Porque estos países crecen pero incrementando las desigualdades, concentrando más la riqueza; es decir, hay crecimiento pero no desarrollo y mantienen (realmente profundizan) las formas clásicas de la dependencia como se registra ahora en la atmósfera incierta de una crisis mundial profunda que ya descarga los costos de la misma, sobre todo en los países de la periferia del sistema mundo.
Si la clase dominante local se muestra incapaz de ofrecer a sus pueblos otra alternativa que el “extractivismo” y las formas modernas del librecambio (siguen predicando que es el mejor camino hacia el progreso) habrá que buscar el sujeto social de la necesaria transformación en otros ámbitos.
Las inmensas movilizaciones populares del momento presente en todo el continente (con sus enormes potenciales pero también con sus evidentes debilidades) indicarían que en los sectores asalariados del campo y la ciudad (el “proletariado moderno”) se encuentra dicho sujeto del cambio indispensable para acceder a la modernidad en todos sus sentidos.
Como no hay ejemplos inspiradores, queda tan solo la enorme creatividad de sus gentes (y sobre todo de sus intelectuales) para diseñar el programa que asegure (entre las más urgentes) medidas como la soberanía alimentaria, el impulso de la industria de bienes de producción, la reforma agraria integral, una recuperación del rol del Estado en la economía para garantizar el control público de importantes áreas de la producción y la distribución, y una revisión profunda de las relaciones con el mercado mundial (que incluya la necesaria integración regional).
Si la clase dominante tradicional ha sido incapaz de instalar estas sociedades en la modernidad y, por el contrario, consigue enormes beneficios con la forma actual del orden social y con los vínculos existentes con el mercado mundial, otros deben ser los agentes que lleven a cabo la revolución necesaria.
Seguramente esto ocurrirá con grandes sacrificios y afectará a la clase dominante tradicional y a sus sectores afines.
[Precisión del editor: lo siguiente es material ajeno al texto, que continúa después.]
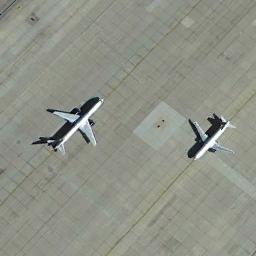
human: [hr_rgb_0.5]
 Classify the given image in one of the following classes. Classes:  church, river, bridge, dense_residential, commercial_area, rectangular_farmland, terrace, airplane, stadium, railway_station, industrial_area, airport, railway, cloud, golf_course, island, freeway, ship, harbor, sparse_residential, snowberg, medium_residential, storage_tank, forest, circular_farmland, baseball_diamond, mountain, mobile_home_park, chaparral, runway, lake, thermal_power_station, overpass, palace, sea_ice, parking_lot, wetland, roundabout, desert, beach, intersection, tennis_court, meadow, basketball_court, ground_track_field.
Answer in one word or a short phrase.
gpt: airplane
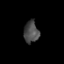
Tissue: prostate
Cell type: T cells
Senescence score: 0.3557
Nuclear area (px): 321
Mean DAPI intensity: 73.794
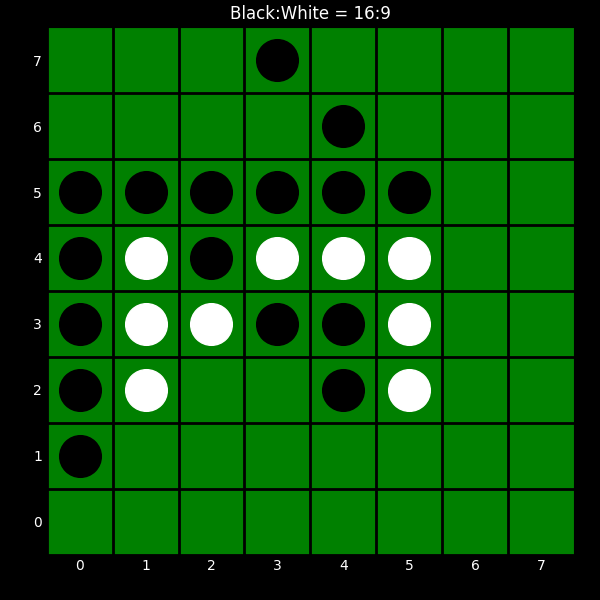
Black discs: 16
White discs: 9
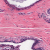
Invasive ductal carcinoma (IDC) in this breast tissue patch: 0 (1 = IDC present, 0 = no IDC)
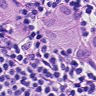
Metastatic tissue present: yes

Ello sin olvidar que generar nuevas relaciones con el mercado mundial va producirse con problemas. Sin embargo, el modelo actual ya supone pobreza, atraso y limitaciones muy importantes en el ejercicio de la soberanía nacional, de forma que cualquier sacrificio que sea necesario vale la pena.
Ya no es hora de confiar en los sectores modernizantes de la clase que ha dominado siempre (la llamada “burguesía nacional”); a vanguardia del cambio social se encuentra en el movimiento social contestatario.